WORK TO COMPLETE => Tally the lines in the listing below that hold the string "Joze", and reply with that tally alone.
** EXCERPTED RECORDS follows **
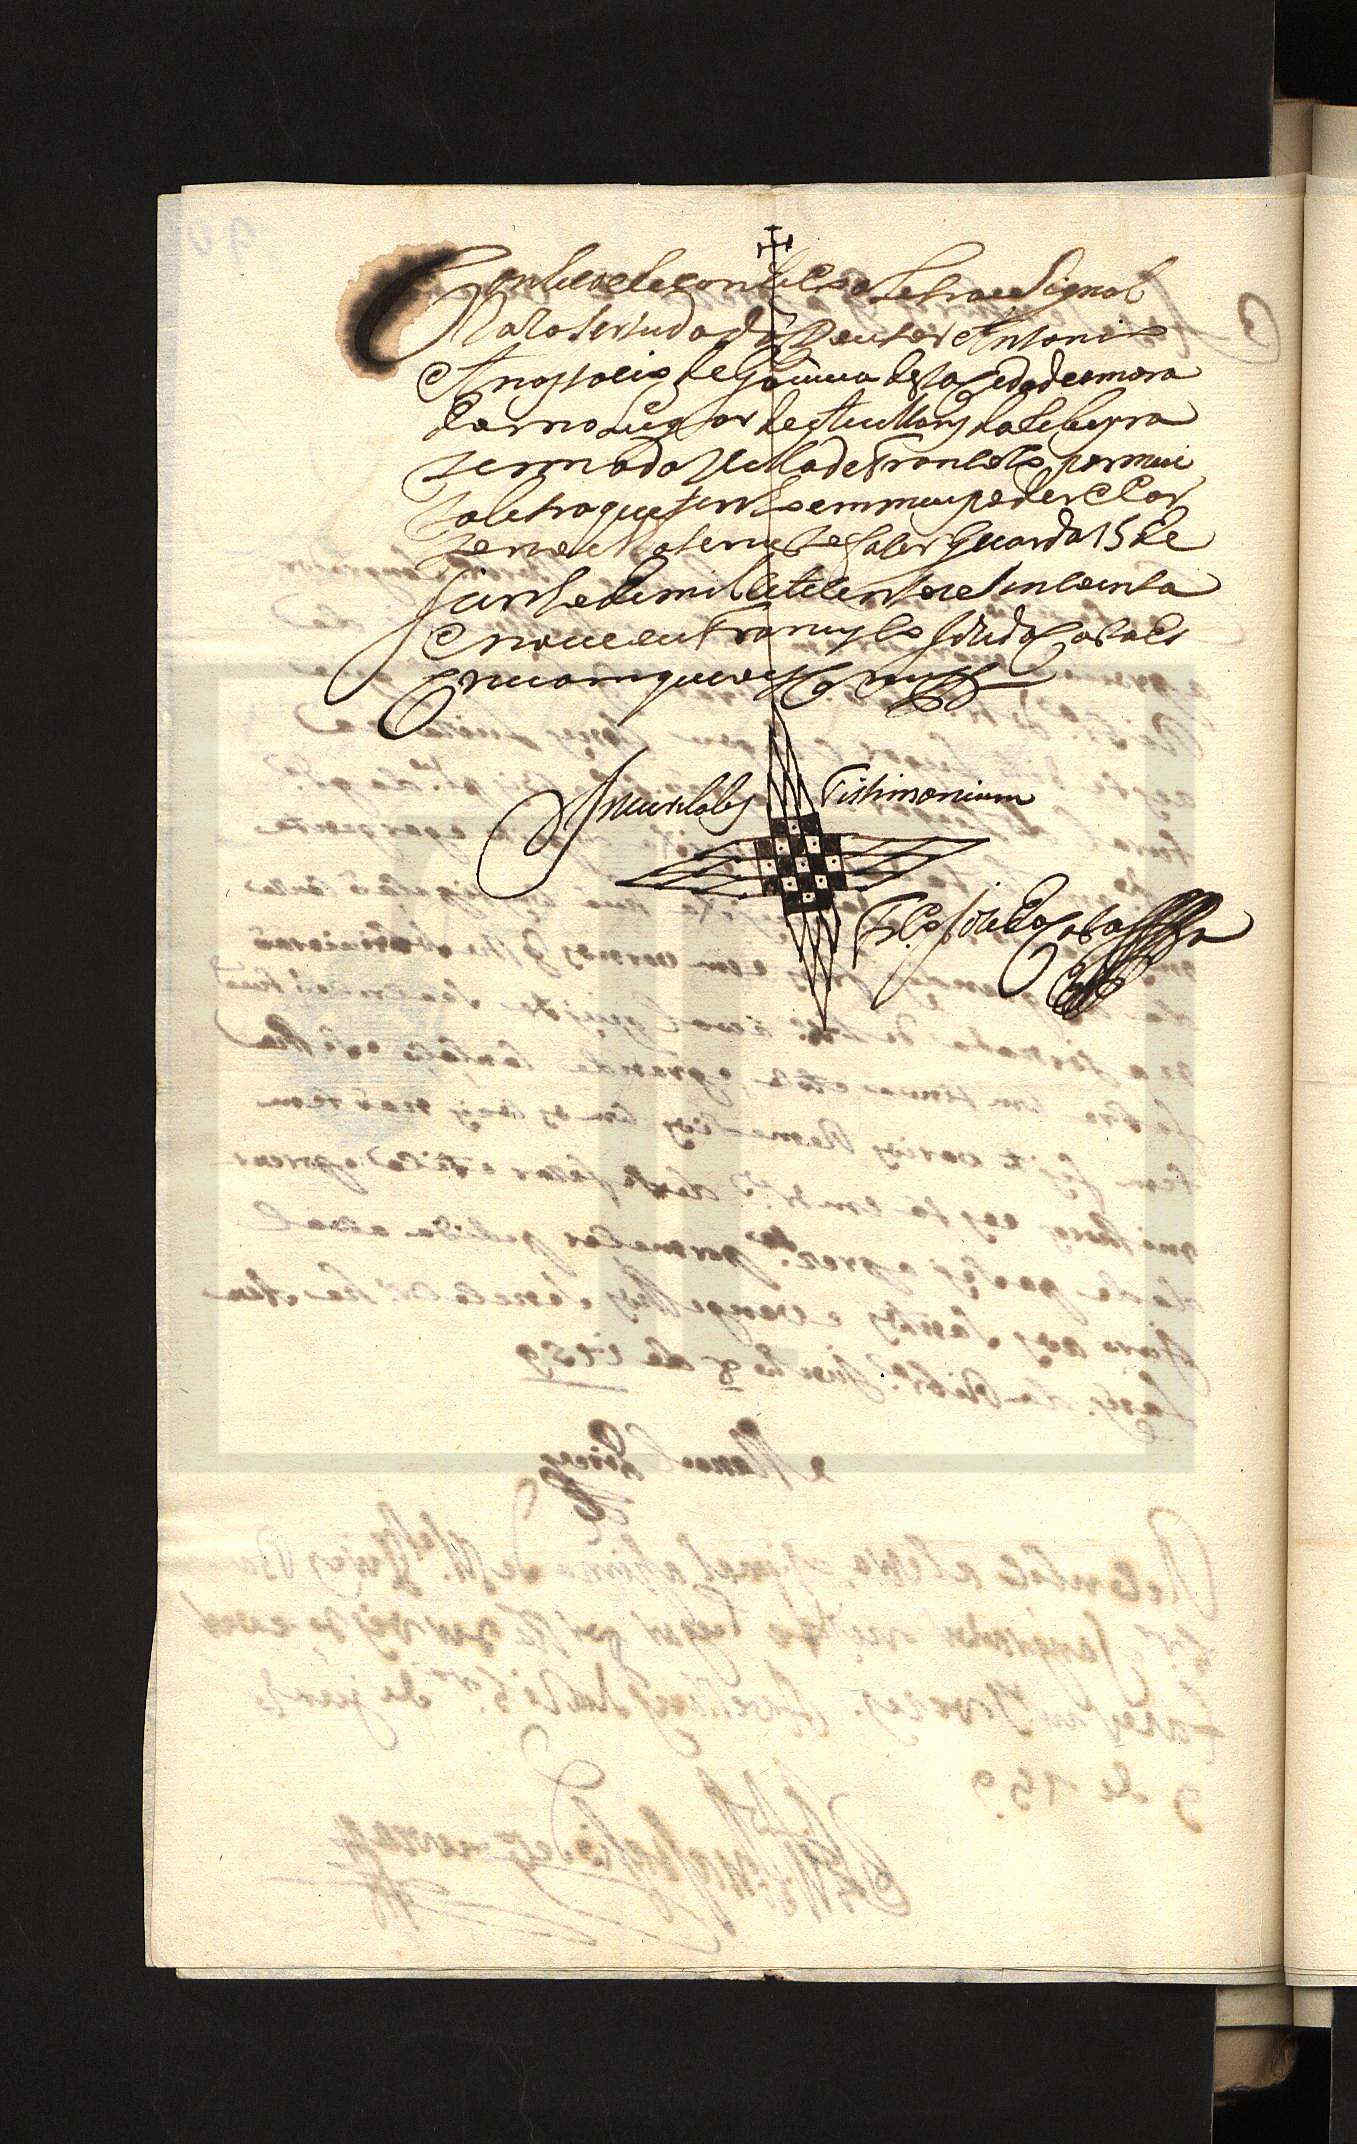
Conheço e Reconheço a Letra e signal
Raro ser tudo do Doutor Antonio
Anastacio de Gouuea desta Cidade e mora
dor no Lugar de Auellans da Rebeyra
termo da Villa de Trancozo por mui
ta letra que tenho em meu poder e Car
torio lho ter visto fazer Guarda 15 de
Junho de mil setecentos Sincoenta
E noue eu FrancisCo Joze da Costa Es
Criuam que o esCreuy
Jncurelabes
Tistimonium
Fr.Co Joze da Costa
** End of EXCERPTED RECORDS **
TASK RESPONSE => 2